- What you have to do:
Tell how many lines in the following entries include the word "facility", giving the figure alone.

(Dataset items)

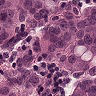
Metastatic tissue present: yes
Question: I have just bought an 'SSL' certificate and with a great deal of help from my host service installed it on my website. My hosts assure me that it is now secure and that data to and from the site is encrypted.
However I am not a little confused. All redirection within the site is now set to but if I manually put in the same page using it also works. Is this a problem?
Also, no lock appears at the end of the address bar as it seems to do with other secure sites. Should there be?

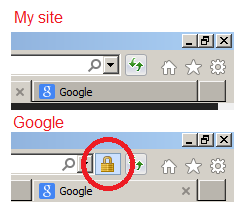
Answer: Each browser/device have a list of recognized Certificate Authorities (CA) that they know and trust. SSL certs from these providers will often display the additional security icons like the lock or the green bar in Chrome. The list is long and varies by browser as you'd expect. This is <URL>t, for example.
Typically getting that type of SSL cert is more pricey and comes with an additional step of identity verification.
In your case the lock is not showing but the SSL keys have been installed and configured which means you still ARE secure. (Otherwise you'd get a warning about the SSL cert not matching the domain which lets the user know it may be fake or is at least questionable) As long as you aren't seeing that message you can rest easy that it's at least secure. The browsers just won't go out of their way to show the extra "bling".
As far as your redirect. If you still have something listening at :80 it will work with http as well. If you are trying to force it all to the https version then your rewrite rule may need a little work if you are still able to access it via http. But http and https can co-exist just fine and often do (like a regular http site that doesn't go https until you enter the checkout process) For an API-type of service, or if you are trying to use something like SPDY, you probably want to force everything to use the https protocol instead.
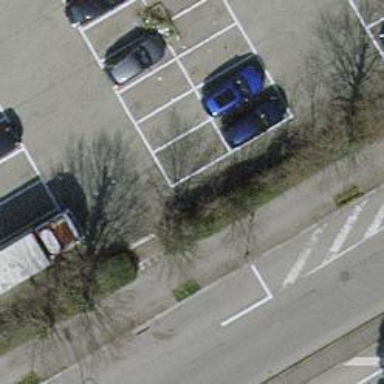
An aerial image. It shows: Steps with asphalt surface.
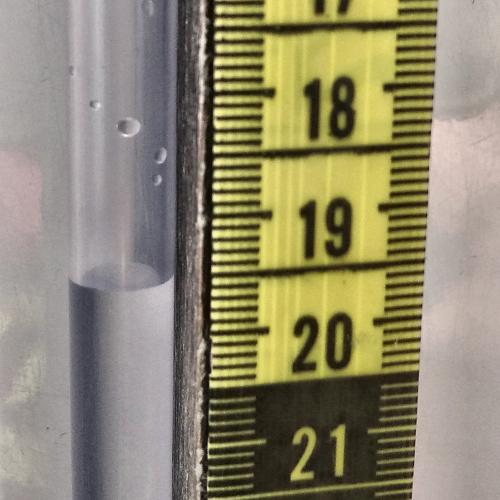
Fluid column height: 19.5 cm
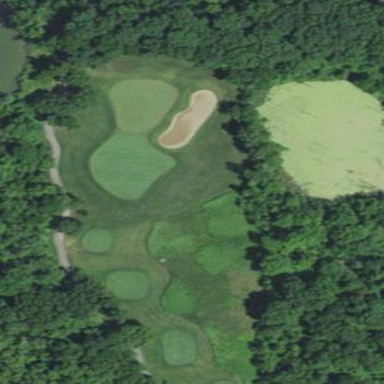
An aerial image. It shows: Golf rough area.
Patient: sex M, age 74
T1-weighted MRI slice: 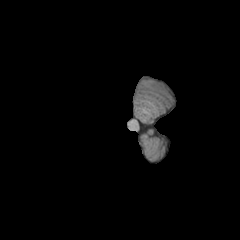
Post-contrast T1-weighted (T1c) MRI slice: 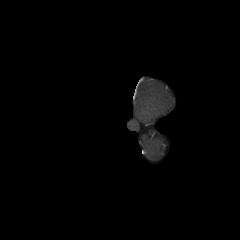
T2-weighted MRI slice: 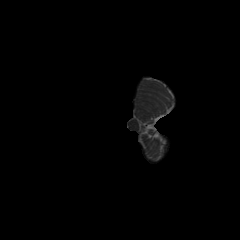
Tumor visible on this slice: no
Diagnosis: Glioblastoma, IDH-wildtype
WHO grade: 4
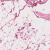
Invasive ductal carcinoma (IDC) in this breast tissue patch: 0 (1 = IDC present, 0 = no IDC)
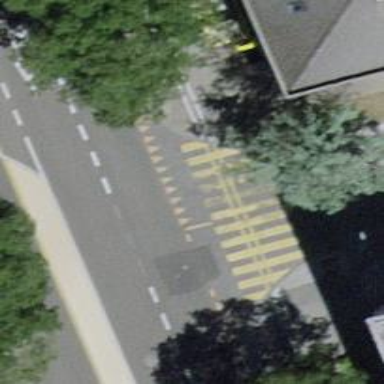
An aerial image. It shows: Zebra crossing on the road.
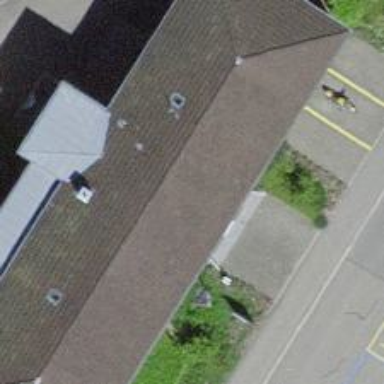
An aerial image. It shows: Police facility.
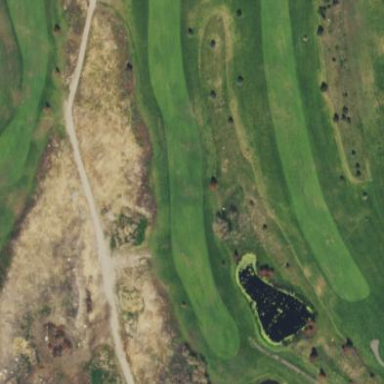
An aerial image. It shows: Grassy area designated as golf fairway.
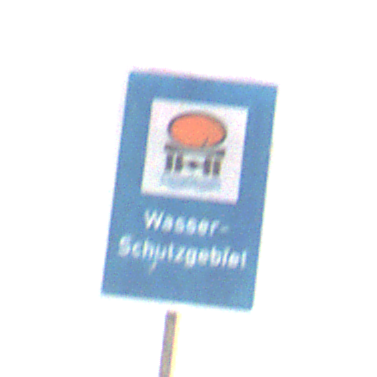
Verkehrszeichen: Wasserschutzgebiet
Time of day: SunriseSunset
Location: Outdoor (RoadRail)
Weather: PartlyCloudy
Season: NotSpecified
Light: Natural
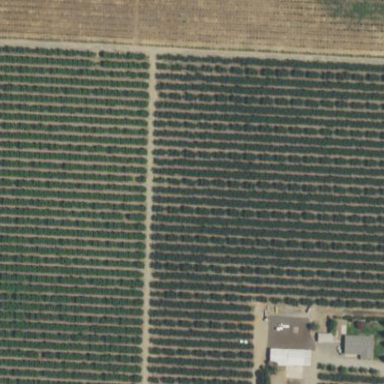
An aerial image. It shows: Orchard.
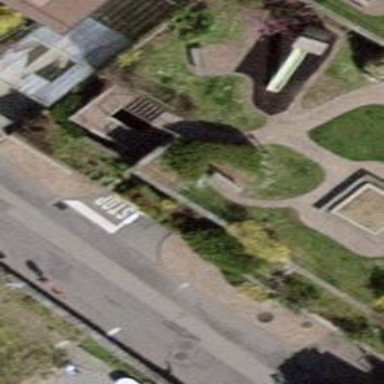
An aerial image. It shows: Entrance to multi-storey parking facility.
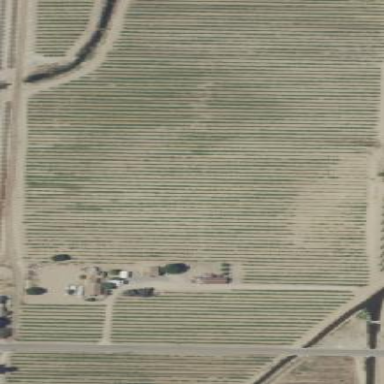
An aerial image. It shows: Vineyard.
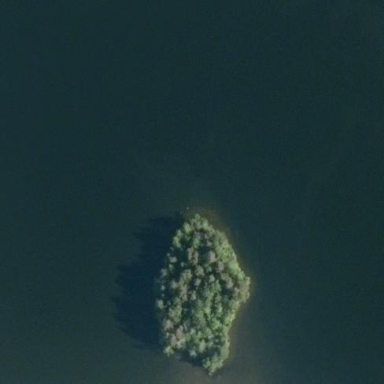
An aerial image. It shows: Islet.
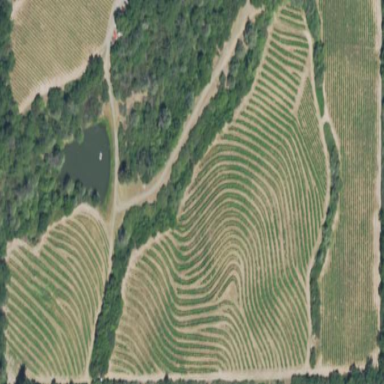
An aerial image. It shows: Olive tree orchard.
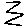
Label: zigzag
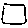
Label: square
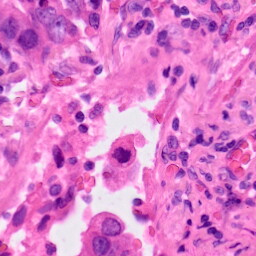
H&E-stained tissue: Lung
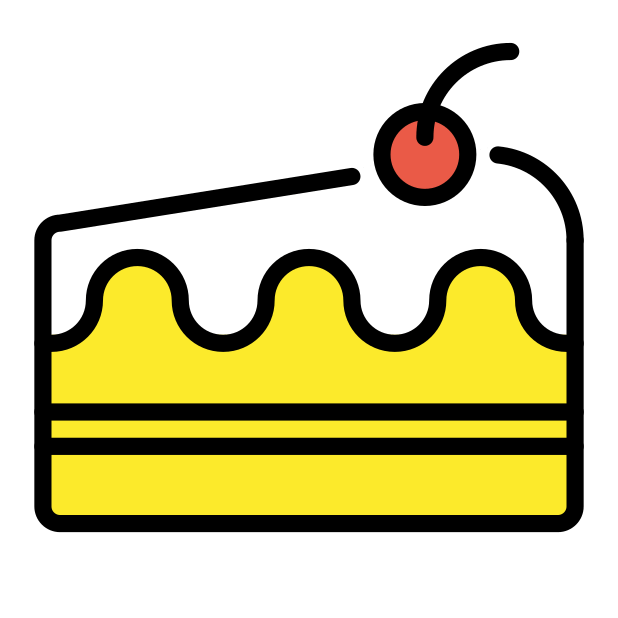
shortcake

- Response to the task:
2